To do >> When you reach a picture, pass over it; otherwise repeat the listing word for word.

Data shown >>
=== Section Start ===

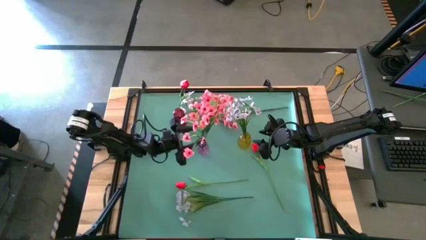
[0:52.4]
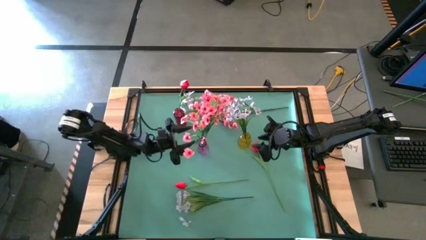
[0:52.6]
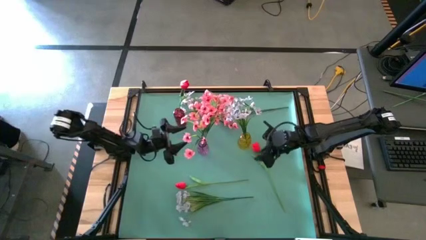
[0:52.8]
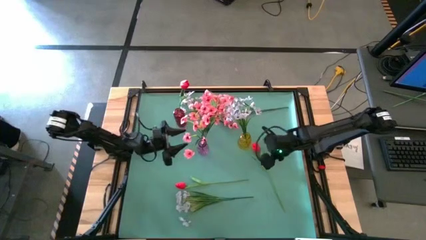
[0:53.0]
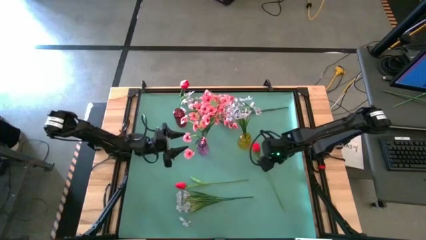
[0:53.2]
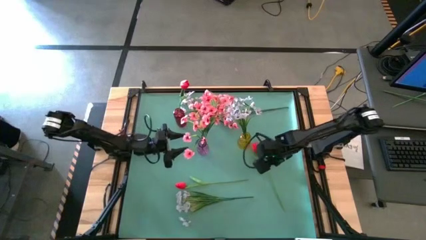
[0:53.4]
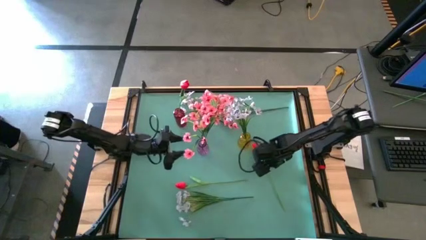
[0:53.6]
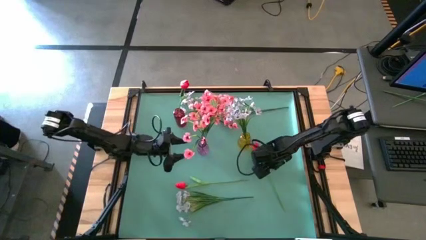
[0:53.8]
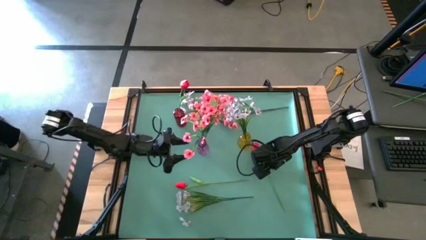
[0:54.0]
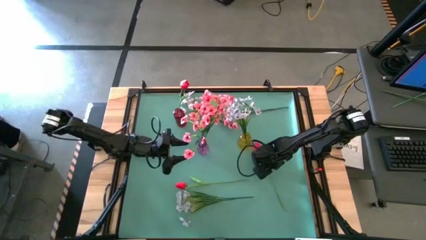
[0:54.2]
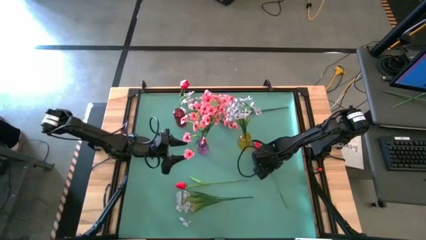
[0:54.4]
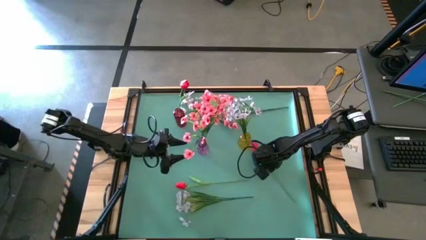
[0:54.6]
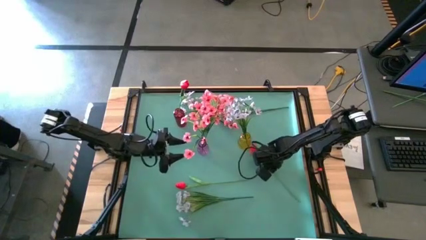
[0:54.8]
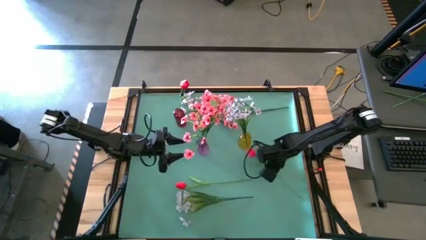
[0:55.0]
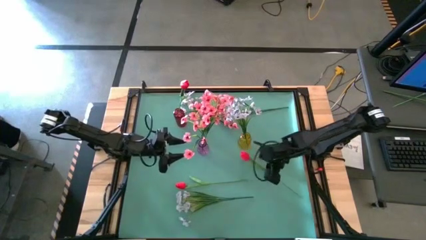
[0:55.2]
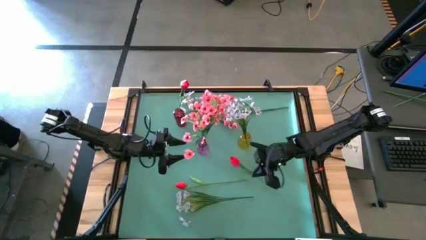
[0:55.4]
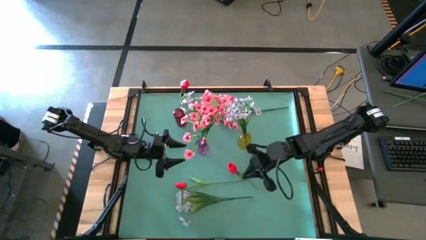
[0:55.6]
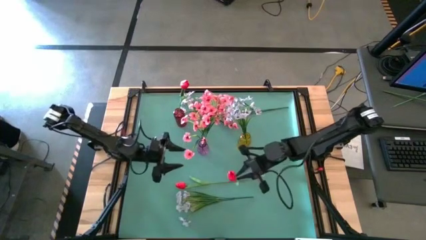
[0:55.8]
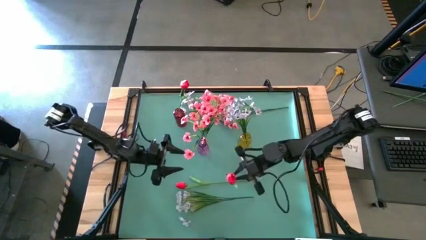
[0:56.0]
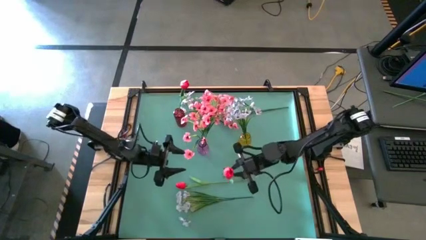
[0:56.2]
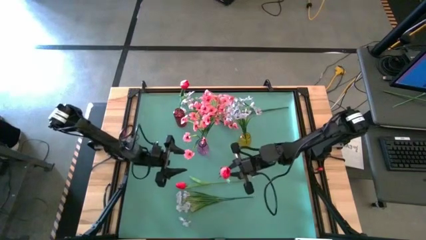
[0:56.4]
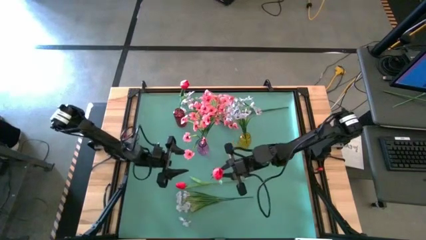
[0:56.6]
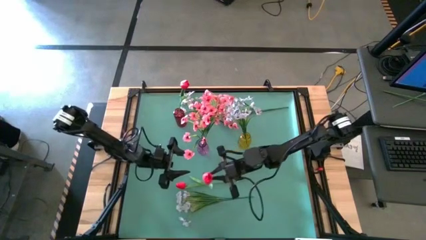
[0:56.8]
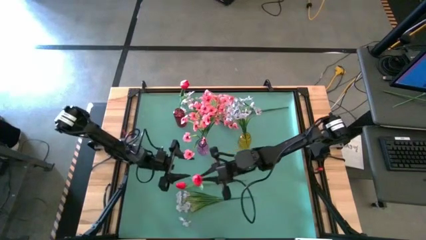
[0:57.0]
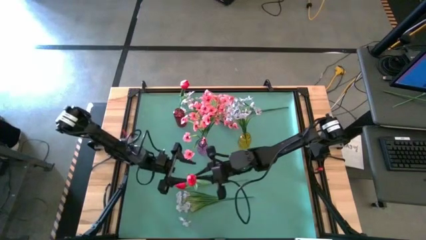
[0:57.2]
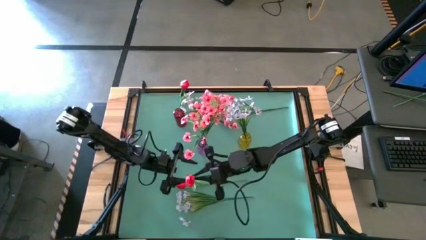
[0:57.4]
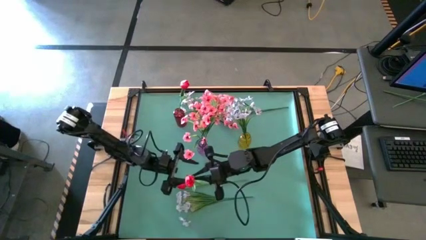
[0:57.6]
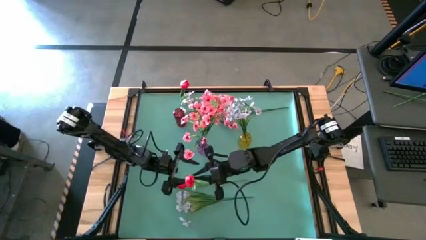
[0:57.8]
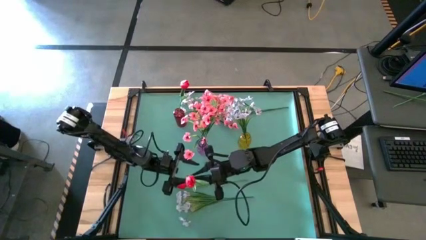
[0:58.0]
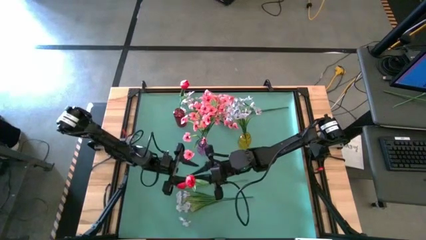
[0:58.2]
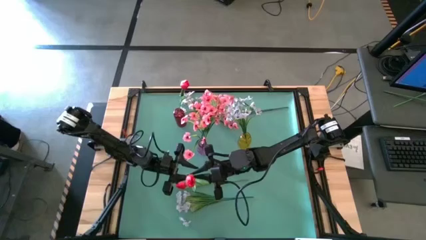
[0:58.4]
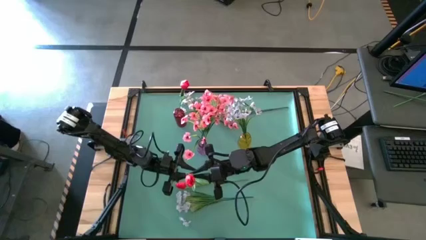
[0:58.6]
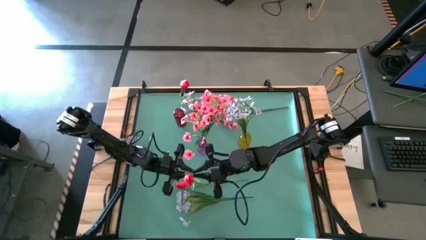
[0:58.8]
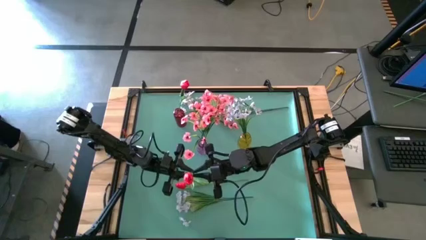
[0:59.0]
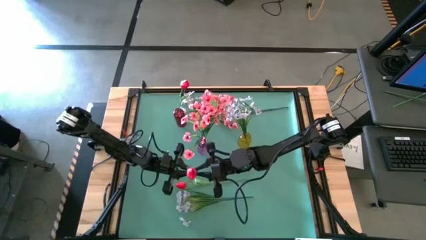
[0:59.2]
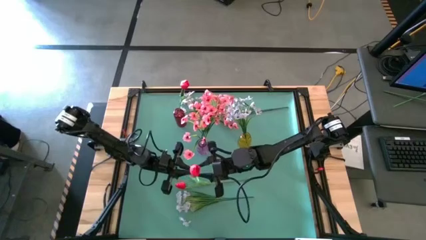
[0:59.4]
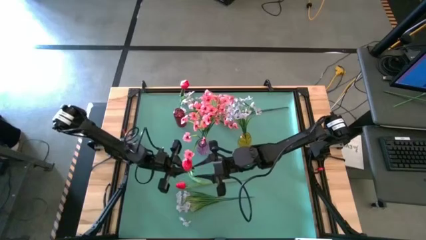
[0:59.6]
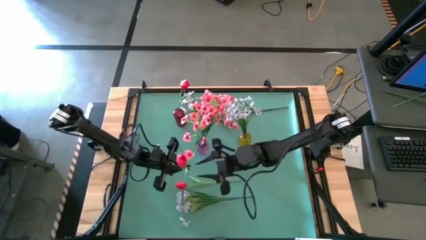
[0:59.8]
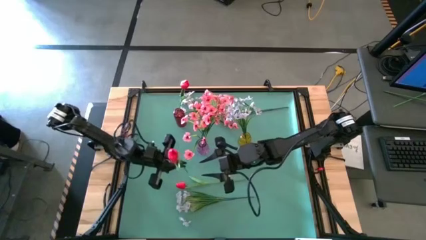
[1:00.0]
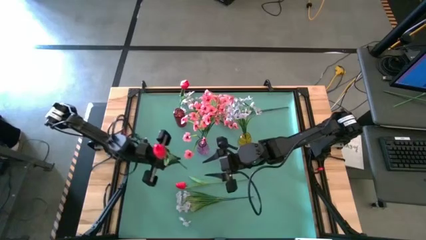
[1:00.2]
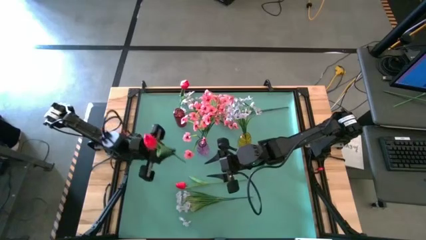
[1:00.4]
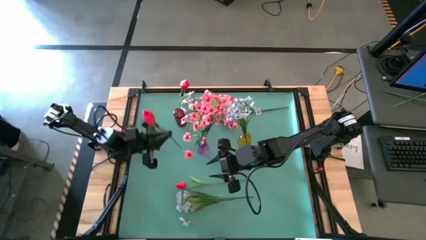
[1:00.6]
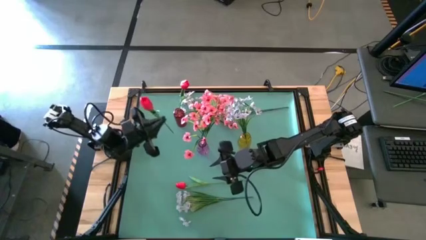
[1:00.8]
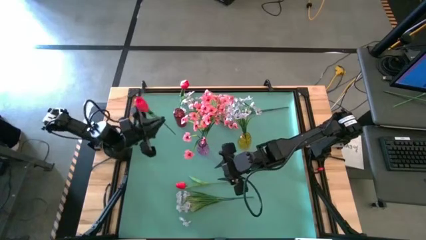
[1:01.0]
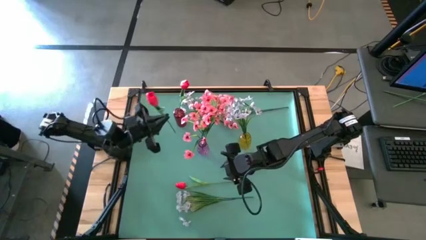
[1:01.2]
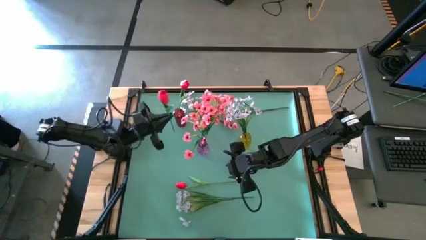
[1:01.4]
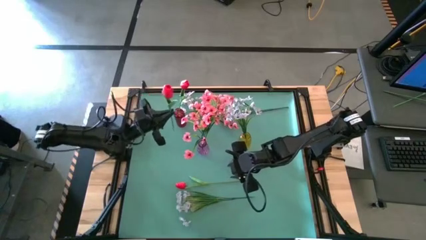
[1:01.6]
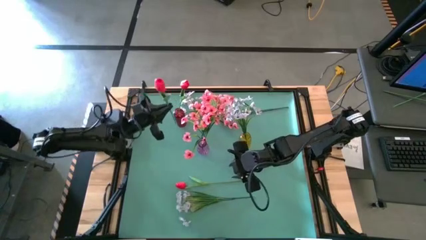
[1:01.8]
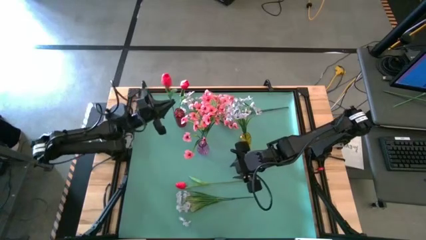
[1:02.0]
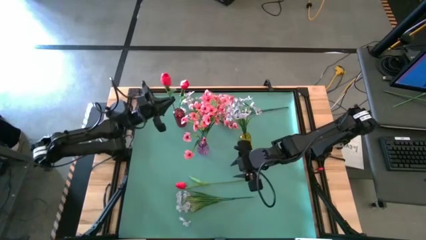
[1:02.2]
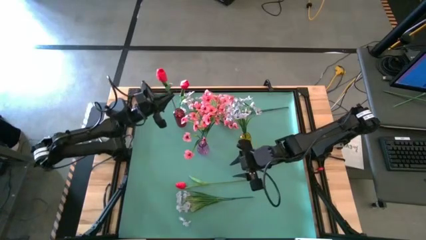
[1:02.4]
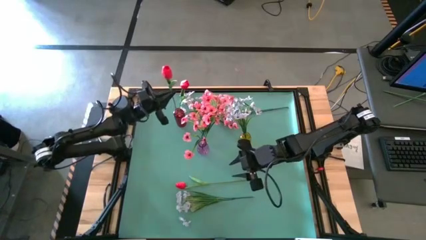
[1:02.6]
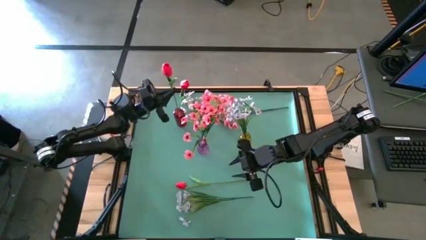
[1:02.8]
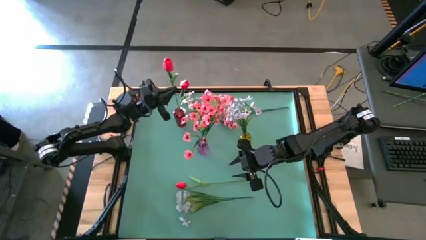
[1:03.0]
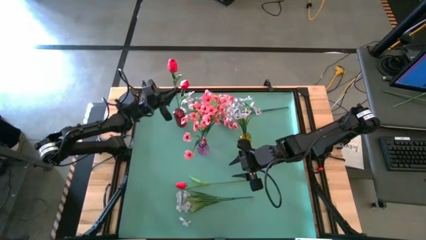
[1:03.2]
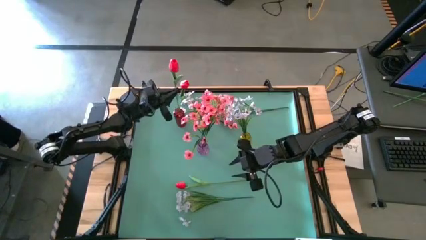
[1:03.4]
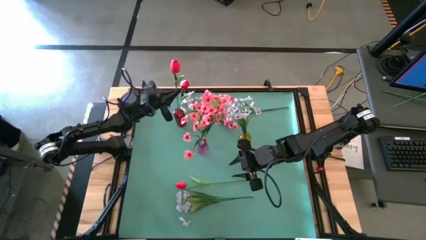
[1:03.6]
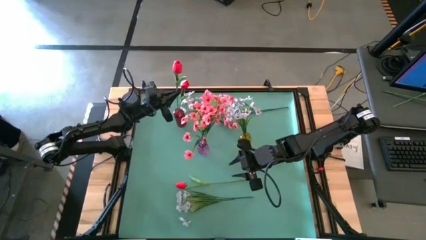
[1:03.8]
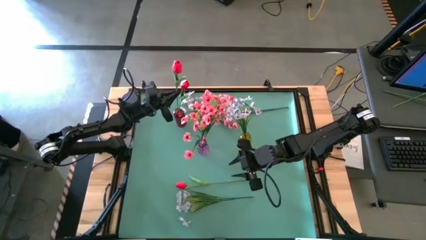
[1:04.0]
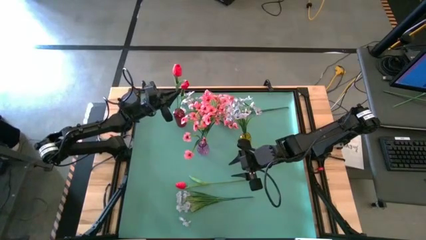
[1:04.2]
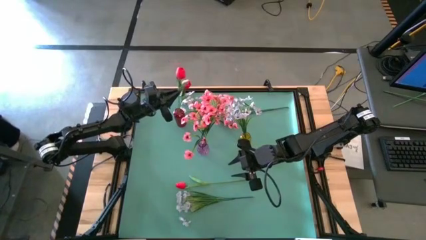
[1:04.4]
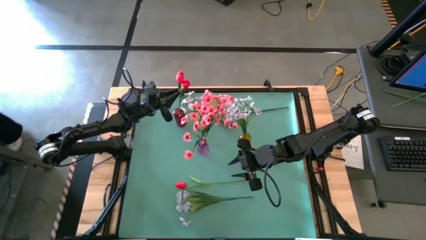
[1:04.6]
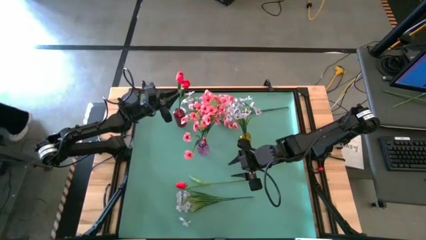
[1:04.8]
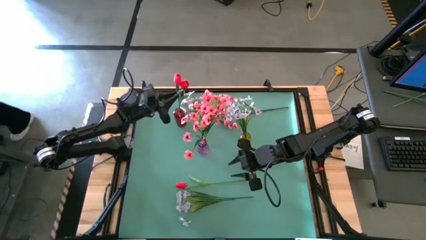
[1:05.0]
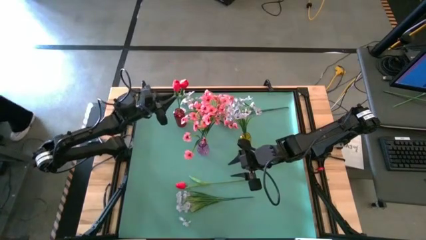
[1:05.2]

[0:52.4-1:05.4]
Task: Sort flowers into vase by color
Put the right red flower into the red vase

=== Section End ===

Answer space >>
[0:52.4]
[0:52.6]
[0:52.8]
[0:53.0]
[0:53.2]
[0:53.4]
[0:53.6]
[0:53.8]
[0:54.0]
[0:54.2]
[0:54.4]
[0:54.6]
[0:54.8]
[0:55.0]
[0:55.2]
[0:55.4]
[0:55.6]
[0:55.8]
[0:56.0]
[0:56.2]
[0:56.4]
[0:56.6]
[0:56.8]
[0:57.0]
[0:57.2]
[0:57.4]
[0:57.6]
[0:57.8]
[0:58.0]
[0:58.2]
[0:58.4]
[0:58.6]
[0:58.8]
[0:59.0]
[0:59.2]
[0:59.4]
[0:59.6]
[0:59.8]
[1:00.0]
[1:00.2]
[1:00.4]
[1:00.6]
[1:00.8]
[1:01.0]
[1:01.2]
[1:01.4]
[1:01.6]
[1:01.8]
[1:02.0]
[1:02.2]
[1:02.4]
[1:02.6]
[1:02.8]
[1:03.0]
[1:03.2]
[1:03.4]
[1:03.6]
[1:03.8]
[1:04.0]
[1:04.2]
[1:04.4]
[1:04.6]
[1:04.8]
[1:05.0]
[1:05.2]

[0:52.4-1:05.4]
Task: Sort flowers into vase by color
Put the right red flower into the red vase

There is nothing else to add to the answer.